==== Available data ====
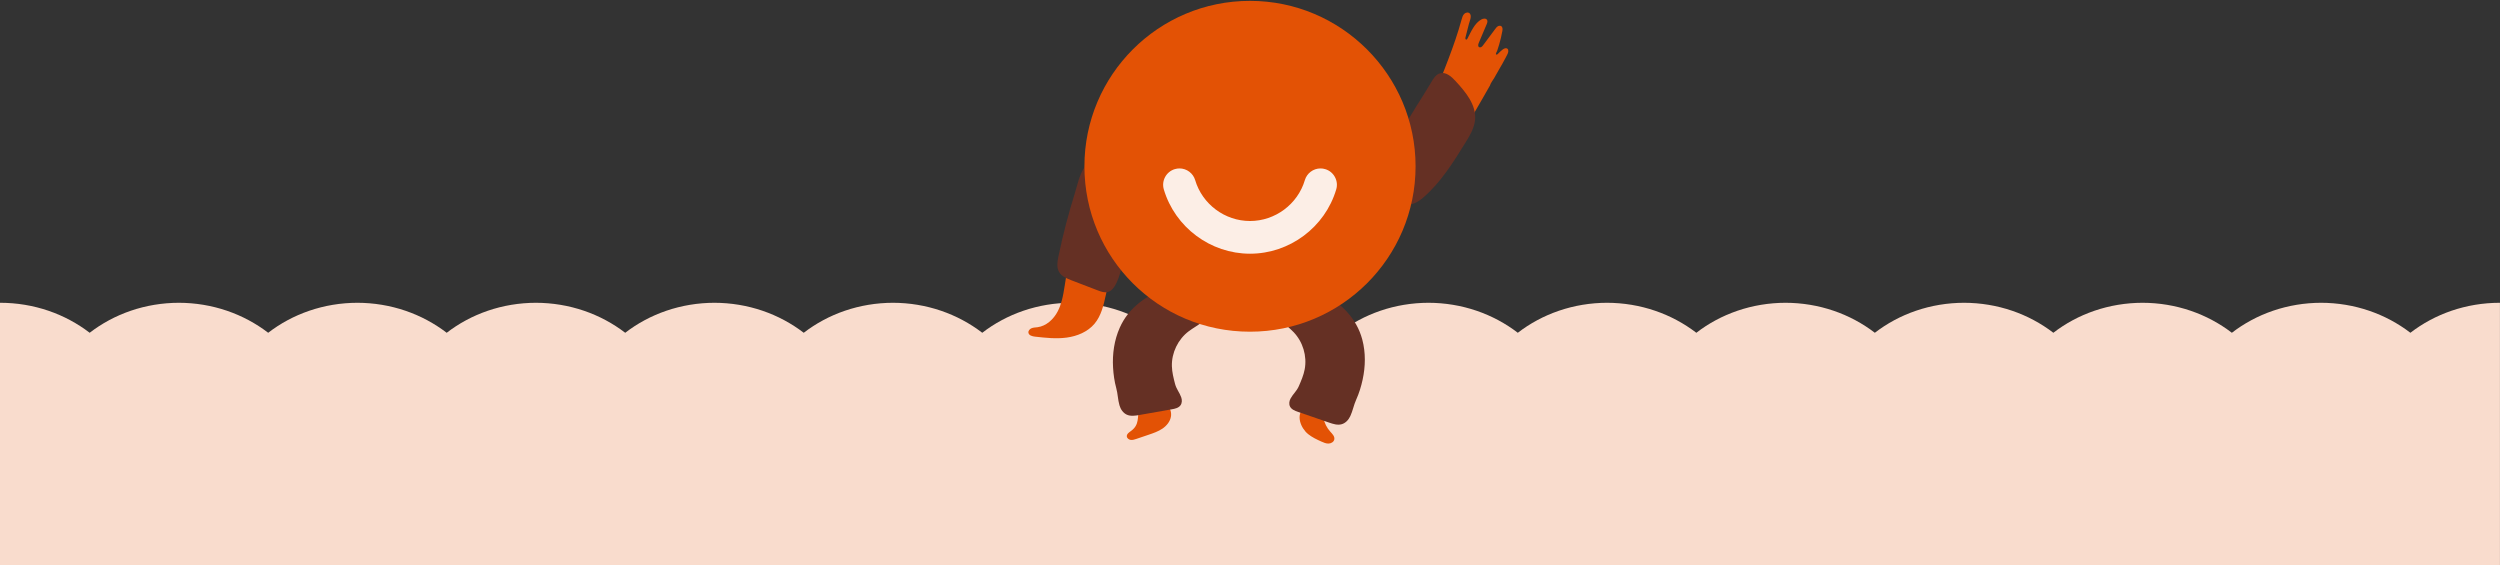 <svg viewBox="0 0 1920 434" version="1.1" xmlns="http://www.w3.org/2000/svg" id="Layer_1">
  
  <rect x="0" y="0" width="1920" height="434" fill="#333333" stroke="none"/>
  
  <defs>
    <style>
      .st0 {
        fill: #fceee6;
      }

      .st1 {
        fill: #f9dccd;
      }

      .st2 {
        fill: #653024;
      }

      .st3 {
        fill: #fff;
      }

      .st4 {
        fill: #e35205;
      }
    </style>
  </defs>
  <g data-name="Layer_1" id="Layer_11">
    <g id="Layer_1-2">
      <path d="M-0,232.534c26.154,0,50.11,8.641,68.877,23.044h-.012c18.669-14.403,42.638-23.044,68.779-23.044h-.548c26.154,0,50.11,8.641,68.877,23.044h-.012c18.669-14.403,42.638-23.044,68.779-23.044h-.548c26.154,0,50.11,8.641,68.877,23.044,18.669-14.403,42.638-23.044,68.779-23.044h-.548c26.154,0,50.11,8.641,68.877,23.044,18.669-14.403,42.638-23.044,68.779-23.044h-.548c26.154,0,50.11,8.641,68.877,23.044,18.669-14.403,42.638-23.044,68.779-23.044h-.548c26.154,0,50.11,8.641,68.877,23.044h-.012c18.669-14.403,42.638-23.044,68.779-23.044h-.548c26.154,0,50.11,8.641,68.877,23.044h-.012c18.669-14.403,42.638-23.044,68.779-23.044h-.548c26.154,0,50.11,8.641,68.877,23.044,18.669-14.403,42.638-23.044,68.779-23.044h-.548c26.154,0,50.11,8.641,68.877,23.044,18.669-14.403,42.638-23.044,68.779-23.044h-.548c26.154,0,50.11,8.641,68.877,23.044,18.669-14.403,42.638-23.044,68.779-23.044h-.548c26.154,0,50.11,8.641,68.877,23.044h-.012c18.669-14.403,42.638-23.044,68.779-23.044h-.548c26.154,0,50.11,8.641,68.877,23.044h-.012c18.669-14.403,42.638-23.044,68.779-23.044h-.548c26.154,0,50.11,8.641,68.877,23.044,18.669-14.403,42.638-23.044,68.779-23.044h-.548c26.154,0,50.11,8.641,68.877,23.044,18.669-14.403,42.638-23.044,68.779-23.044l.012,201.466H-0v-201.466Z" class="st1"></path>
      <g>
        <path d="M815.481,230.747c-.765,2.88-1.756,5.684-3.128,8.336-3.165,6.097-8.789,11.344-15.609,12.227-1.516.193-3.088.183-4.501.759-1.415.576-2.655,1.979-2.409,3.483.337,2.065,2.92,2.748,5.001,2.983,8.091.913,16.277,1.82,24.348.74,8.069-1.087,16.135-4.391,21.376-10.611,5.191-6.164,7.049-14.379,8.749-22.251,3.133-14.52,6.272-29.108,7.263-43.929.765-11.425.22-23.04-2.563-34.187-1.168-4.675-3.297-8.051-5.191-12.287-1.465-3.279-1.796-9.866-5.987-11.151-4.299-1.315-8.596,5.731-10.101,8.907-2.236,4.712-3.073,9.948-3.885,15.097-3.711,23.479-7.421,46.953-11.137,70.432-.607,3.839-1.224,7.719-2.225,11.467v-.015Z" class="st4"></path>
        <path d="M812.888,196.865c-.837,4.049-1.561,8.536.536,12.1,1.955,3.324,5.824,4.924,9.428,6.307,6.753,2.589,13.505,5.18,20.259,7.765,2.471.948,5.149,1.907,7.707,1.228,3.063-.816,5.044-3.743,6.437-6.592,5.288-10.824,6.068-23.408,4.364-35.328-1.705-11.927-5.757-23.367-9.791-34.721-2.265-6.384-3.817-16.331-8.024-21.675-3.669-4.66-8.728-.892-11.275,3.023-3.752,5.777-5.283,13.833-7.324,20.359-2.339,7.469-4.497,14.995-6.472,22.565-2.165,8.271-4.115,16.601-5.845,24.973v-.005Z" class="st2"></path>
        <path d="M1063.976,113.912c.397-.24.801-.474,1.199-.714,14.669-8.703,25.639-22.215,33.791-36.99.107-.189.209-.382.311-.571,5.293-9.692,9.116-19.854,13.036-30.138,3.829-10.039,7.371-20.155,10.215-30.592.417-1.53.867-3.141,1.995-4.257,1.128-1.117,3.18-1.468,4.257-.301,1.837,1.983-.153,5.996-.709,8.178-.863,3.391-1.725,6.776-2.588,10.167-.168.673-.128,1.667.567,1.718.46.036.776-.433.991-.841,2.675-5.073,5.369-11.808,10.719-14.689,1.399-.75,3.465-.979,4.287.377.608,1.004.164,2.294-.296,3.375-2.016,4.752-4.027,9.499-6.043,14.251-.465,1.091-.817,2.595.168,3.258.541.362,1.297.26,1.853-.082.556-.342.96-.877,1.352-1.402,3.079-4.13,6.151-8.265,9.229-12.395.571-.77,1.168-1.56,1.985-2.055.821-.495,1.935-.632,2.715-.077,1.119.801,1.016,2.468.767,3.819-.623,3.38-1.409,6.73-2.364,10.034-.489,1.703-1.025,3.396-1.603,5.073-.173.51-1.383,2.289-.821,2.738.26.209.659.153.944-.02.285-.173.495-.449.729-.688.935-.959,2.016-2.004,3.084-2.83.607-.469,1.255-.928,1.995-1.127,1.664-.449,2.727.551,2.635,2.177-.072,1.213-.639,2.335-1.205,3.411-2.011,3.844-4.083,7.663-6.319,11.375-1.139,1.892-2.184,3.844-3.277,5.767-.975,1.718-2.797,3.88-3.281,5.782-7.8,13.731-15.599,27.476-24.24,40.697-8.989,13.761-18.876,26.941-29.569,39.428-3.981,4.644-8.203,9.3-13.643,12.099-5.441,2.799-12.419,3.401-17.497-.015-5.365-3.605-7.325-10.815-6.447-17.213.877-6.399,7.937-21.078,11.076-26.722l.005-.005Z" class="st4"></path>
        <path d="M1099.256,63.032c1.639-2.804,3.573-5.843,6.696-6.73,4.517-1.285,8.76,2.509,11.935,5.965,7.687,8.372,15.889,18.161,14.985,29.485-.52,6.521-4.057,12.359-7.497,17.927-9.408,15.219-19.039,30.699-32.652,42.318-3.583,3.055-8.248,5.976-12.72,4.492-4.292-1.427-6.335-6.245-7.437-10.625-3.368-13.353-3.711-30.377,2.772-42.955,7.029-13.639,16.165-26.599,23.924-39.871l-.005-.005Z" class="st2"></path>
        <path d="M868.743,330.892c-1.511,1.107-3.445,2.316-3.353,4.181.072,1.473,1.521,2.575,2.987,2.773,1.46.199,2.92-.28,4.317-.755,3.145-1.065,6.295-2.136,9.439-3.201,3.664-1.244,7.375-2.508,10.581-4.676,3.205-2.167,5.895-5.379,6.559-9.187,1.041-5.956-3.543-12.079-9.423-13.512-5.503-1.341-13.751,1.031-15.063,7.123-1.435,6.659.511,12.441-6.044,17.253Z" class="st4"></path>
        <path d="M1004.617,333.376c3.037,2.441,6.605,4.124,10.152,5.731,1.781.805,3.645,1.616,5.595,1.555,1.955-.061,4.017-1.275,4.389-3.192.455-2.335-1.597-4.297-3.189-6.067-2.604-2.885-4.389-6.501-5.104-10.32-.843-4.507-1.532-7.811-6.416-9.197-2.819-.8-6.136-.831-8.479,1.121-6.753,5.629-2.563,15.841,3.057,20.359l-.005.011Z" class="st4"></path>
        <path d="M859.959,251.707c-4.231,9.524-5.716,20.073-5.135,30.433.296,5.323,1.041,10.759,2.455,15.908,1.211,4.405,1.216,8.856,2.471,13.215.868,3.029,2.777,5.915,5.651,7.215,2.976,1.347,6.427.805,9.641.24,8.28-1.453,16.564-2.907,24.843-4.359,2.485-.435,5.212-1.02,6.712-3.044,1.292-1.744,1.301-4.187.567-6.231-1.363-3.784-3.691-6.236-4.736-10.279-1.149-4.436-2.283-8.908-2.415-13.512-.307-10.385,4.736-20.787,13.077-26.992,6.207-4.619,14.853-8.121,16.047-15.764,2.425-15.505-21.795-21.083-32.703-17.361-15.777,5.384-29.553,14.944-36.48,30.525l.005.005Z" class="st2"></path>
        <path d="M1046.228,260.756c2.675,10.075,2.471,20.721.26,30.863-1.132,5.211-2.725,10.456-4.94,15.32-1.889,4.156-2.604,8.551-4.528,12.66-1.337,2.856-3.675,5.405-6.717,6.231-3.153.857-6.472-.219-9.56-1.284-7.947-2.739-15.895-5.481-23.841-8.22-2.384-.82-4.987-1.825-6.151-4.063-1-1.928-.623-4.34.424-6.241,1.939-3.523,4.629-5.577,6.303-9.401,1.833-4.201,3.66-8.433,4.517-12.961,1.94-10.207-1.393-21.271-8.647-28.715-5.4-5.543-13.383-10.365-13.357-18.1.056-15.688,24.853-17.381,35.036-11.987,14.725,7.8,26.823,19.415,31.196,35.893l.005.005Z" class="st2"></path>
        <ellipse ry="75.333" rx="88" cy="149.333" cx="964.609" class="st3"></ellipse>
        <path d="M959.977.667c-70.363,0-127.136,57.013-127.136,127.042,0,70.325,56.773,127.042,127.136,127.042,70.107,0,127.181-56.712,127.181-127.042,0-70.029-57.075-127.042-127.181-127.042Z" class="st4"></path>
        <path d="M1026.215,145.472c-8.607,29.072-35.832,49.375-66.207,49.375-30.371,0-57.591-20.303-66.197-49.364-1.965-6.644,1.833-13.644,8.473-15.607,1.204-.347,2.409-.525,3.583-.525,5.523,0,10.469,3.702,12.031,9.005,5.477,18.477,22.791,31.381,42.111,31.381,19.319,0,36.643-12.909,42.12-31.392,1.551-5.292,6.487-8.989,12.015-8.989,1.245,0,2.46.183,3.609.535,3.189.928,5.833,3.074,7.457,6.047,1.608,2.952,1.964,6.343,1.011,9.54l-.005-.005Z" class="st0"></path>
      </g>
    </g>
  </g>
</svg>
====
Work item:
What is the number of lines above that contain the string "fill"? Answer with that number only.

Completed exercise:
6